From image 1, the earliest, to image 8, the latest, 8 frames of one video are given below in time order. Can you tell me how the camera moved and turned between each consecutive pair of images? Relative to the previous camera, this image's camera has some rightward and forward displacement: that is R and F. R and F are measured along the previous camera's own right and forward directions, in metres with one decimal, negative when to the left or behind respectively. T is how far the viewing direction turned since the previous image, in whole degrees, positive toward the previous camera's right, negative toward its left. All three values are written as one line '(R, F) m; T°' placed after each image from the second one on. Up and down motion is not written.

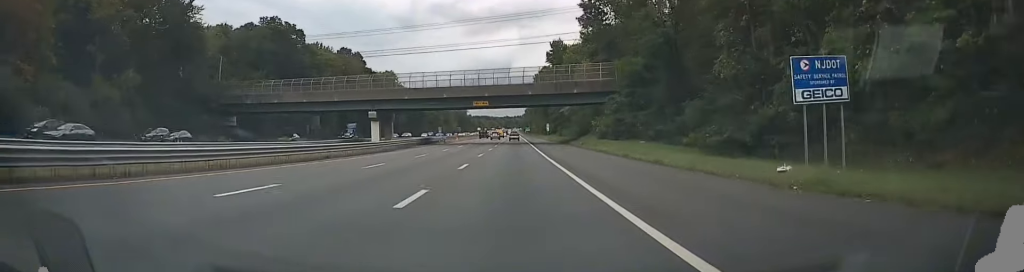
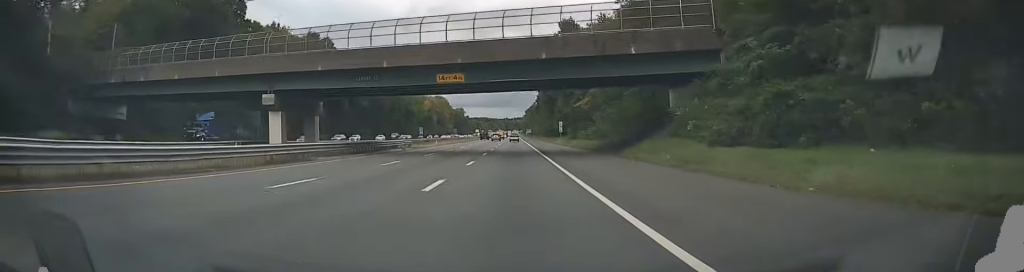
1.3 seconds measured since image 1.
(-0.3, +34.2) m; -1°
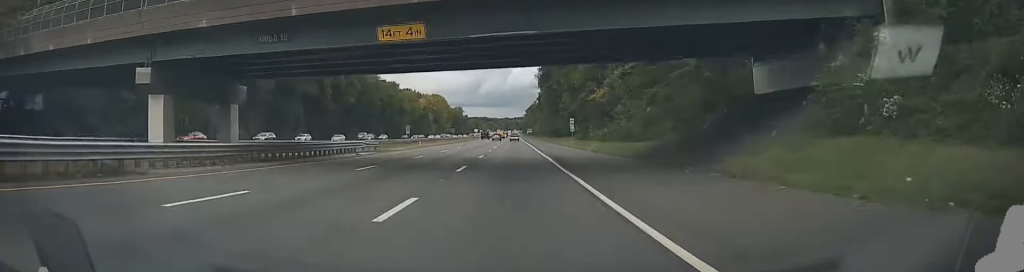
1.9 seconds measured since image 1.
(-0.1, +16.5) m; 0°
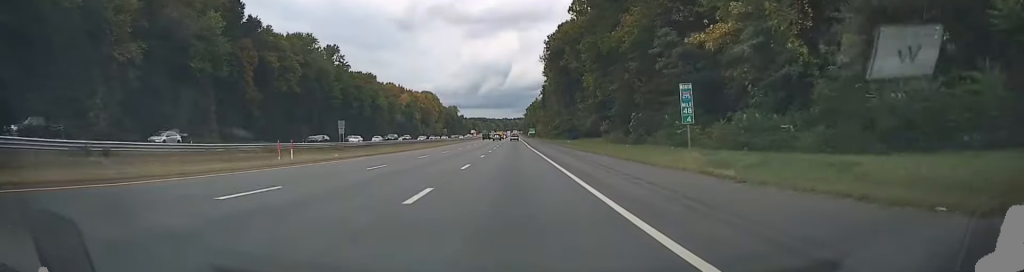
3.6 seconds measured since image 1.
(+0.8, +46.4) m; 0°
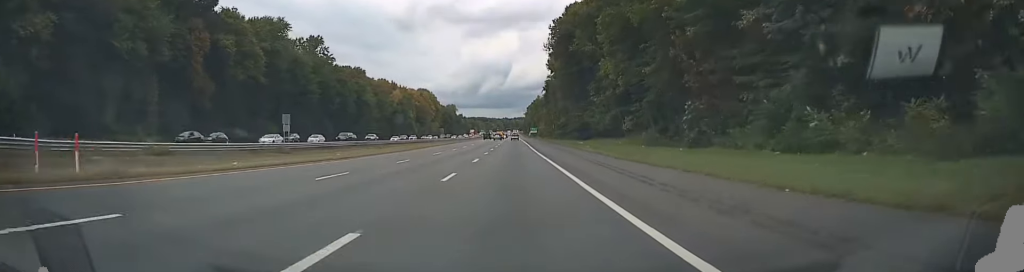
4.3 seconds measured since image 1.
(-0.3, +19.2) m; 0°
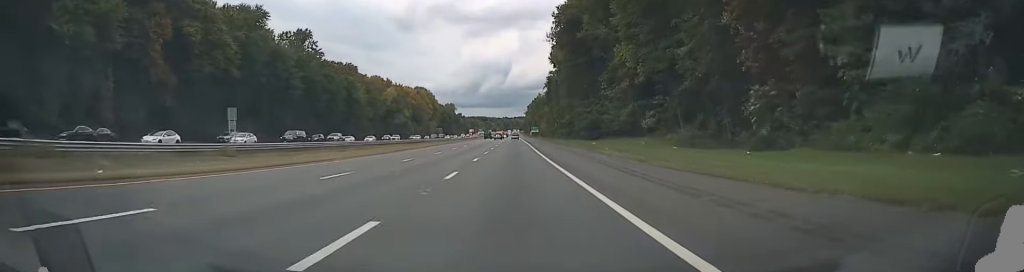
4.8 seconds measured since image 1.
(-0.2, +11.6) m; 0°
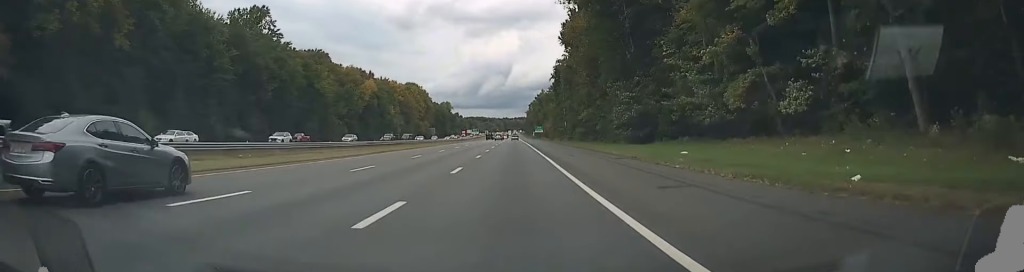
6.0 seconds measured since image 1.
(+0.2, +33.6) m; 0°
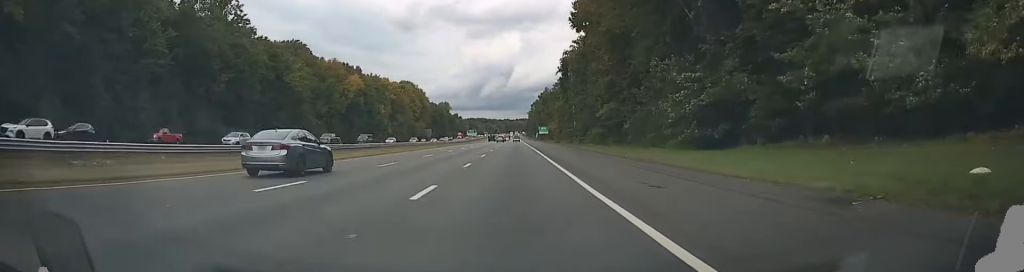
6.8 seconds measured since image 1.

# [Problem details]
Write out all the entries precisely as given, omitting each image.

# [Exercise result]
From image 1, the earliest, to image 8, the latest, 8 frames of one video are given below in time order. Can you tell me how the camera moved and turned between each consecutive pair of images? Relative to the previous camera, this image's camera has some rightward and forward displacement: that is R and F. R and F are measured along the previous camera's own right and forward directions, in metres with one decimal, negative when to the left or behind respectively. T is how far the viewing direction turned since the previous image, in whole degrees, positive toward the previous camera's right, negative toward its left. All three values are written as one line '(R, F) m; T°' placed after each image from the second one on. Up and down motion is not written.

1.3 seconds measured since image 1.
(-0.3, +34.2) m; -1°
1.9 seconds measured since image 1.
(-0.1, +16.5) m; 0°
3.6 seconds measured since image 1.
(+0.8, +46.4) m; 0°
4.3 seconds measured since image 1.
(-0.3, +19.2) m; 0°
4.8 seconds measured since image 1.
(-0.2, +11.6) m; 0°
6.0 seconds measured since image 1.
(+0.2, +33.6) m; 0°
6.8 seconds measured since image 1.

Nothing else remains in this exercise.